I'm a little disturbed that it didn't come out when she vomited. I'm assuming she may have chewed it up or that vomiting isn't 100% going to guarantee that it will come up. My husband and I searched every inch of the living room floor to try and find the pill but it was nowhere to be found. 
I was so nervous and I wish I had just stayed calm when I saw her with it so none of this would've happened. I feel bad restricting her from the rest of the house but I think I will be keeping her in her ex-pen when there's a chance she could be unsupervised for even one second just to be safe. Sigh!


----------



## Molly120213 (Jan 22, 2014)

Get Well Soon, Daisy. Don't scare your momma like this any more!


----------



## DaisyMommy (Feb 28, 2015)

Molly120213 said:


> Get Well Soon, Daisy. Don't scare your momma like this any more!
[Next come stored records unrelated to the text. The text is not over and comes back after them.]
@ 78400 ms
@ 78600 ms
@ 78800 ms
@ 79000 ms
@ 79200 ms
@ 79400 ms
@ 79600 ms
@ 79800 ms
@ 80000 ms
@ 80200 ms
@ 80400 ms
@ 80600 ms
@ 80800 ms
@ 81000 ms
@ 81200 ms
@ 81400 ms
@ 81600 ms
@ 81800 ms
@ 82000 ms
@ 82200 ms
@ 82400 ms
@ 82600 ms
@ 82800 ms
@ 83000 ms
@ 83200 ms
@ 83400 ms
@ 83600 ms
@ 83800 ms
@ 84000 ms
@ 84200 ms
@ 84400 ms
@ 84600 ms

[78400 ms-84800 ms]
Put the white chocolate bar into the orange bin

I know! My heart can't take it! :drama:


----------



## plattinum68 (Nov 5, 2013)

Poor Daisy hope she feels better soon. I once caught Nena with an Advil and luckily all she ate before I was able to take it away from her was the outside orange coating. They are so curious and quick.


----------



## Ollie"s Mom (May 23, 2014)

They find the tiniest things and of course eat it. So scary. Hope Daisy is fine. I'm sure she is you acted immediately.


----------



## DaisyMommy (Feb 28, 2015)

Oh goodness! Yes, she even managed to find a little button that have fallen off my blouse once while I was folding laundry. I caught that one right away before she swallowed it and kinda thanked her because now I can sew it back on! Haha!
Apparently, they are quite drawn to the sugary coating that they put on ibuprofen.


----------



## krandall (Jun 11, 2009)

I understand completely! When Kodi was an adolescent pup, we found him playing with the plastic wrapper from cold medicine pills he'd pilfered from a visitor's handbag. We didn't KNOW he'd gotten the pills, but we we didn't KNOW that he hadn't We were lucky that we had fresh hydrogen peroxide on hand, and it worked, but we never saw signs of the pills either. They do find ways of getting in the WROST trouble!!!
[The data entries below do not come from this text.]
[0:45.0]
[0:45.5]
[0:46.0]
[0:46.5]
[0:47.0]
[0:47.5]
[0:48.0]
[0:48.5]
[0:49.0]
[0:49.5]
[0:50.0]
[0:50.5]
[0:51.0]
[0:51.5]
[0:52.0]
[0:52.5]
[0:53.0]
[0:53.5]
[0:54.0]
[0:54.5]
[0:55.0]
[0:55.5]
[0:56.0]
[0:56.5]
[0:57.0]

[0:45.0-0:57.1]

That's why Kodi is STILL (at 6 years old) gated in my office when we're out of the house, so I know he's safe. Pixel (5 months) is always gated into an area close to us, where we can supervise her. If we can't, she's in her crate or her ex-pen.


----------



## 31818 (Oct 29, 2014)

DaisyMommy said:


> I turned my back for a minute and saw her in the living room playing with a bright orange pill as she came out from behind the couch. I knew right away it was an ibuprofen/Motrin!


This is something we live in constant fear of! We both take several prescription pills a day and what with some arthritis, occasionally, a pill may get dropped on the floor........sometimes unnoticed!
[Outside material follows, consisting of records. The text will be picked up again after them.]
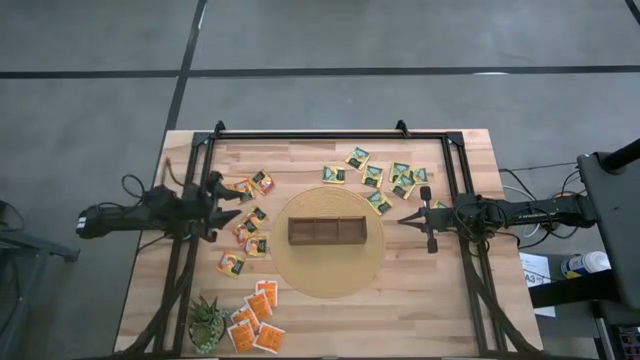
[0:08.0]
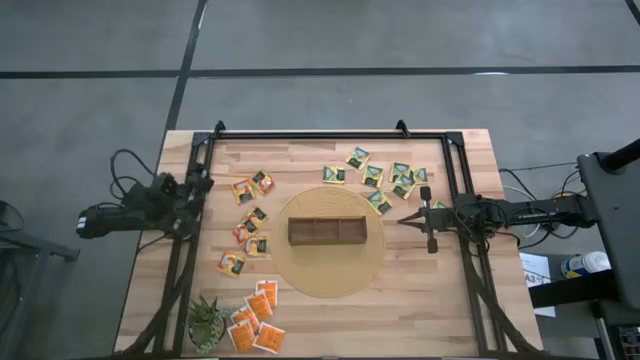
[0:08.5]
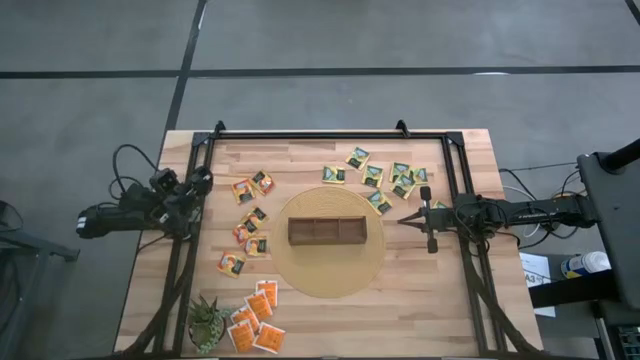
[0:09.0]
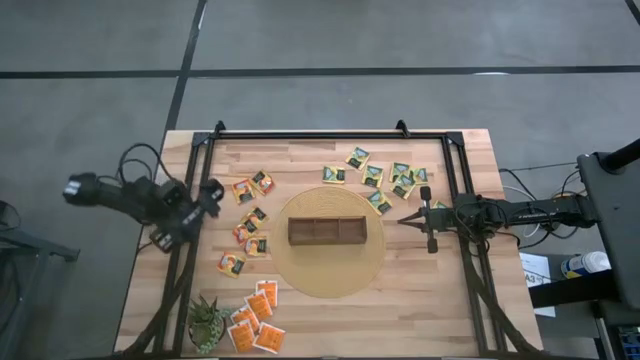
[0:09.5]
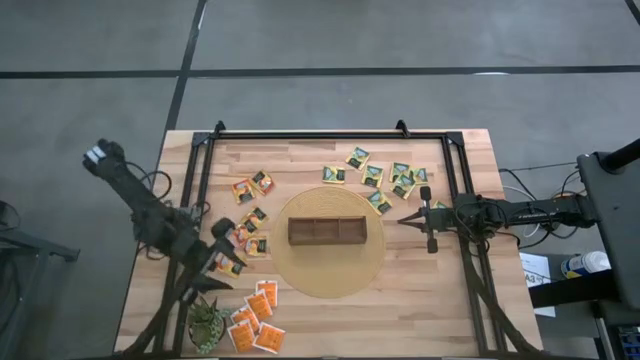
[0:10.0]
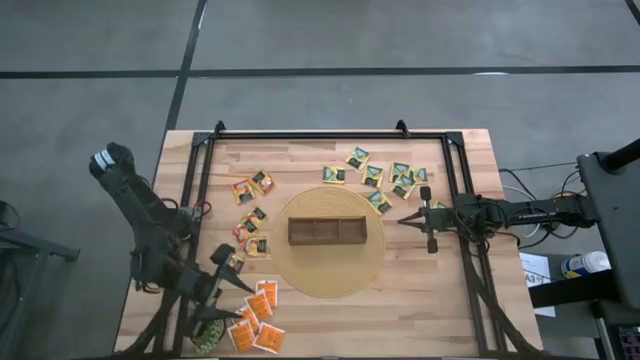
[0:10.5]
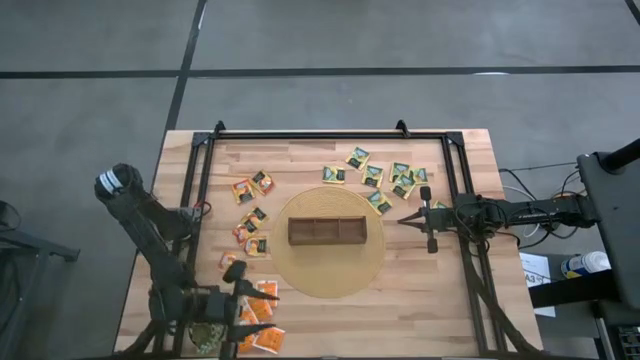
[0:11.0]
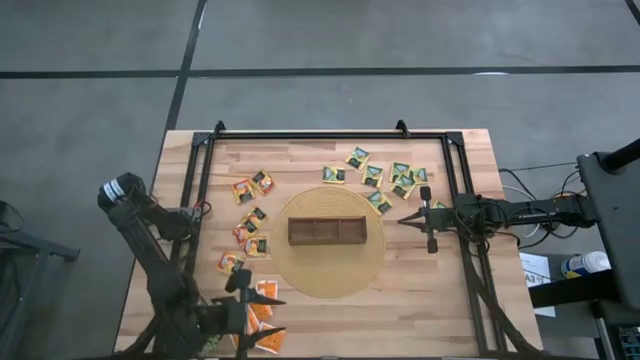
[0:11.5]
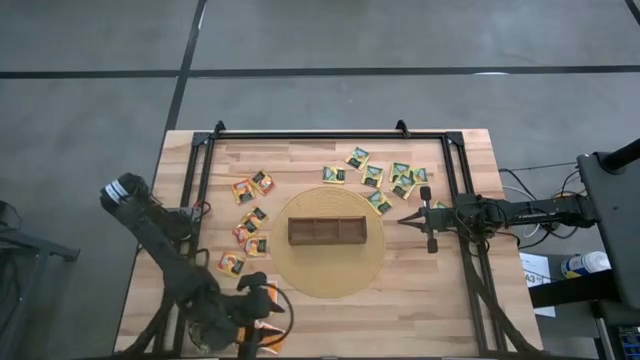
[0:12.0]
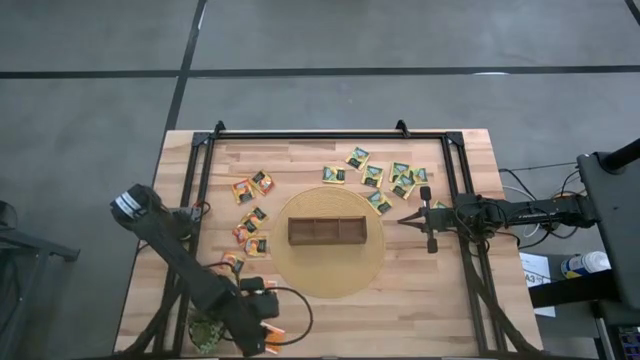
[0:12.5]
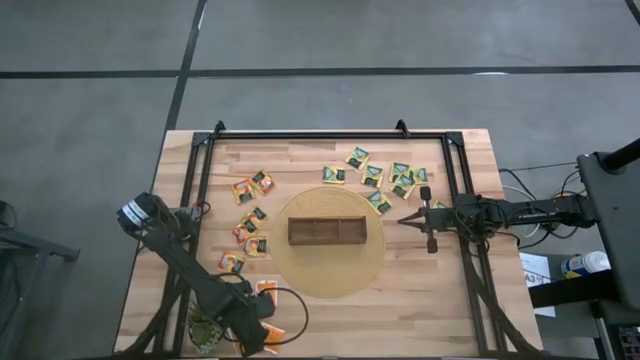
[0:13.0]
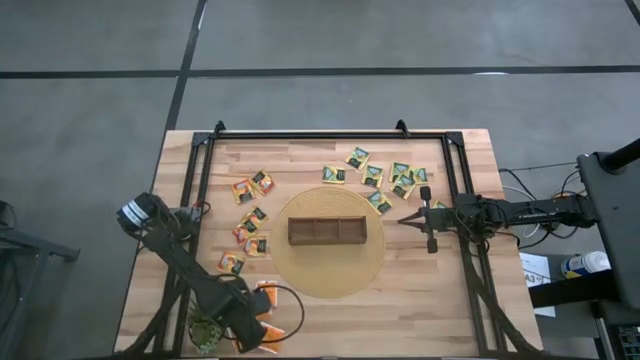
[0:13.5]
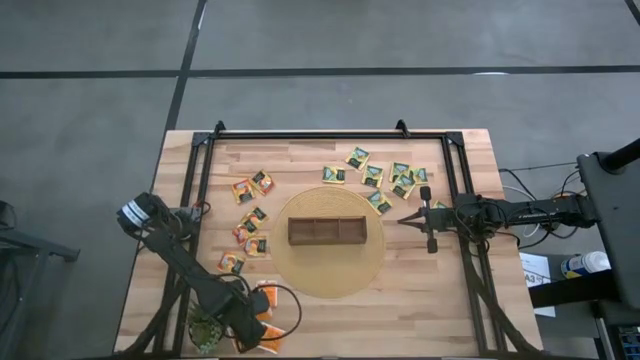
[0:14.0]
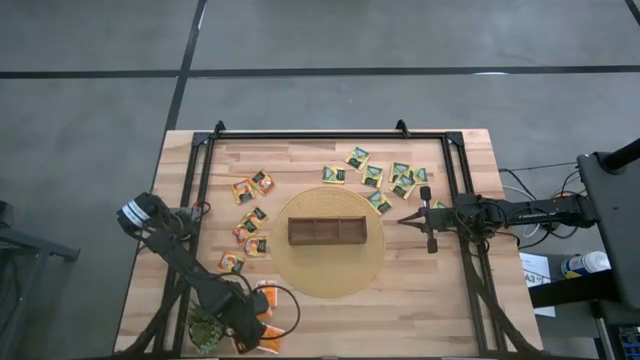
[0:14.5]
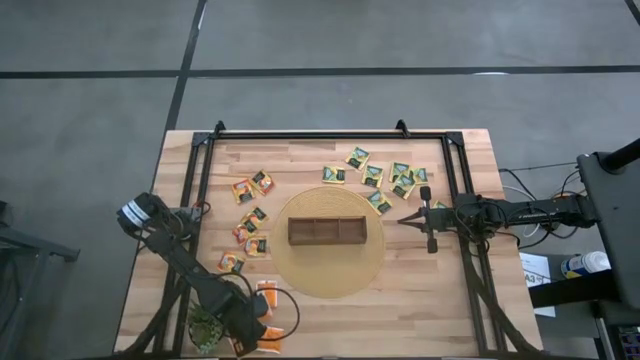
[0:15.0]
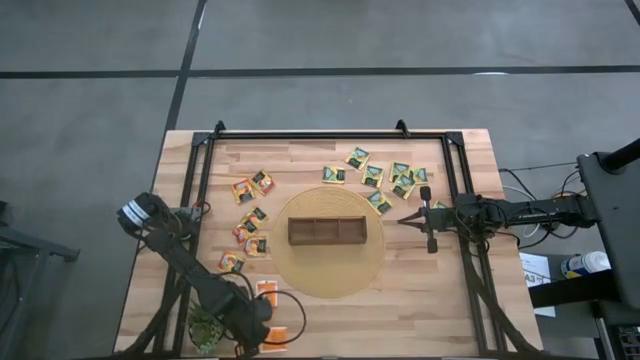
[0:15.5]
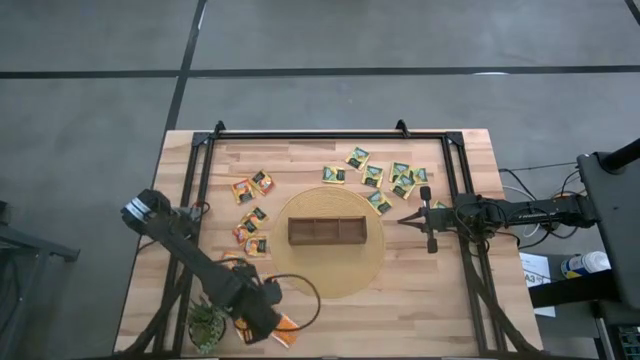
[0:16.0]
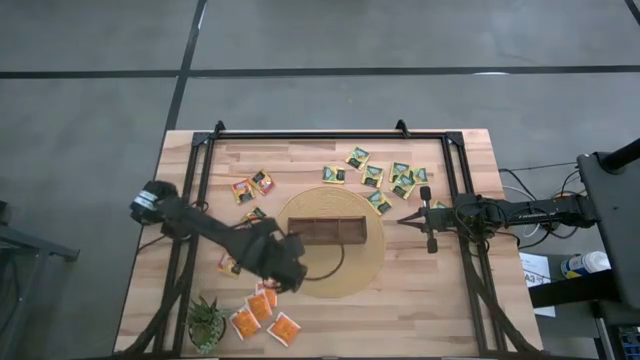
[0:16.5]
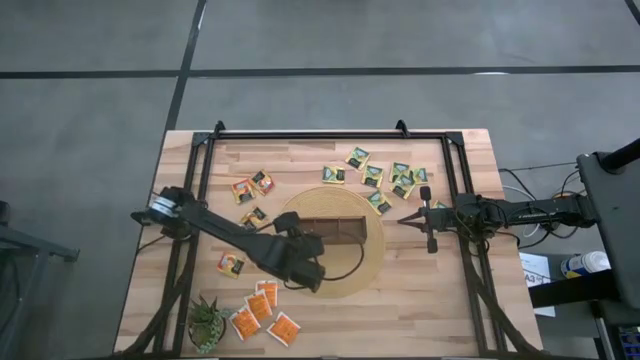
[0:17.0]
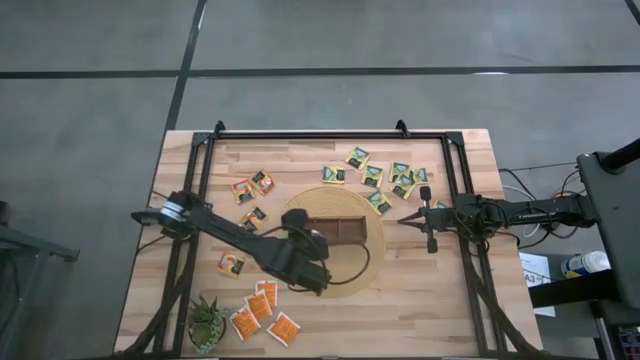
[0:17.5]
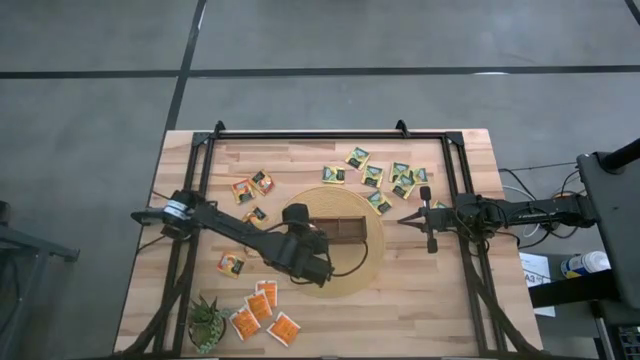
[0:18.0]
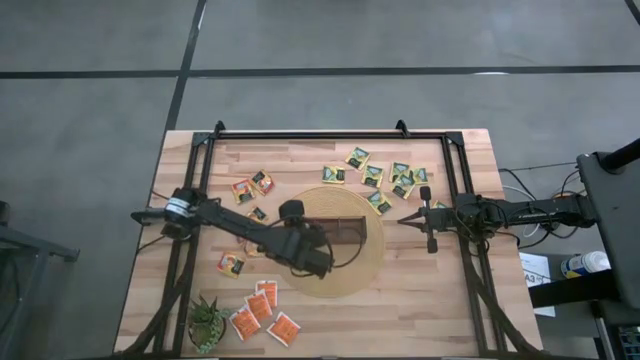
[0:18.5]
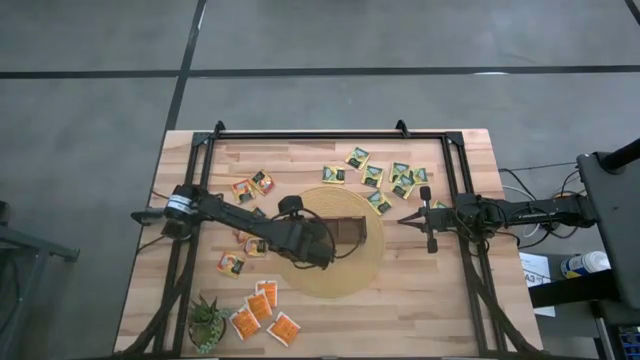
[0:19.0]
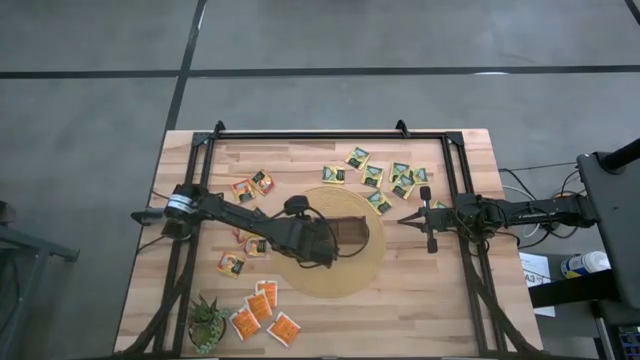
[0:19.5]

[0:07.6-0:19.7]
Task: Pick & Place Tea
Put the white orange tea bag into the left section of the wooden organizer

How much Hydrogen Peroxide should be forced down?

Ricky's Popi


----------



## Heather's (Jun 18, 2012)

I know that must have been so scary for you... Not too long ago Truffles ate some salad with raisins that I accidentally spilled. I had her upside down trying to pry her mouth open. I was so upset my husband had to drive us to the vet. I thought we were going to have to make another trip to the 24 hour vet two days ago. My husband was eating almonds. I looked down and there was Truffles munching on a almond.  After a little research I found almonds only cause gastric upset. Scout never gets into anything, but Truffles is just the opposite. I have to watch her like a hawk.


----------



## whimsy (Apr 3, 2010)

So scary! Glad everything turned out ok! Poor baby


----------



## krandall (Jun 11, 2009)

Ricky Ricardo said:


> This is something we live in constant fear of! We both take several prescription pills a day and what with some arthritis, occasionally, a pill may get dropped on the floor........sometimes unnoticed!
> 
> How much Hydrogen Peroxide should be forced down?
> 
> Ricky's Popi


I don't remember, and since I wouldn't do it without the advice of the vet or animal poison control, (because there are some substances that SHOULDN'T be vomited up) they've told me the amount the couple of times we've needed it.

HOWEVER, here are two things that can help you if you ever find yourself needing it:

First, hydrogen peroxide doesn't stay good for long, even in an unopened container. You should throw away what's on your shelf every 6 months and buy a new bottle. Opened bottles last a MUCH shorter period of time.

Second, is the "forcing it down" thing. Been there, tried that, TOTAL fail!!! :frusty: When I had hydrogen peroxide liberally spread across the dog, myself and the kitchen floor, but was fairly certain very little had gotten into the dog, I finally called a vet friend for advice. She said, "Oh! Easy! Just put it in a saucer with a little milk, and he'll lap it right up." Done in about 6 seconds.  The operative part of this is a LITTLE milk. It was about the same amount as the peroxide itself. Not much.


----------



## Sheri (Oct 11, 2008)

Good to know, Karen!


----------



## 31818 (Oct 29, 2014)

krandall said:


> Second, is the "forcing it down" thing. Been there, tried that, TOTAL fail!!! :frusty: When I had hydrogen peroxide liberally spread across the dog, myself and the kitchen floor, but was fairly certain very little had gotten into the dog,


ound: Karen, the mental image of that reminds me of a certain comedy act. Reminds me of the first time we TRIED to wash Ricky in the bath tub. Yes, total fail. We were wetter than the dog was!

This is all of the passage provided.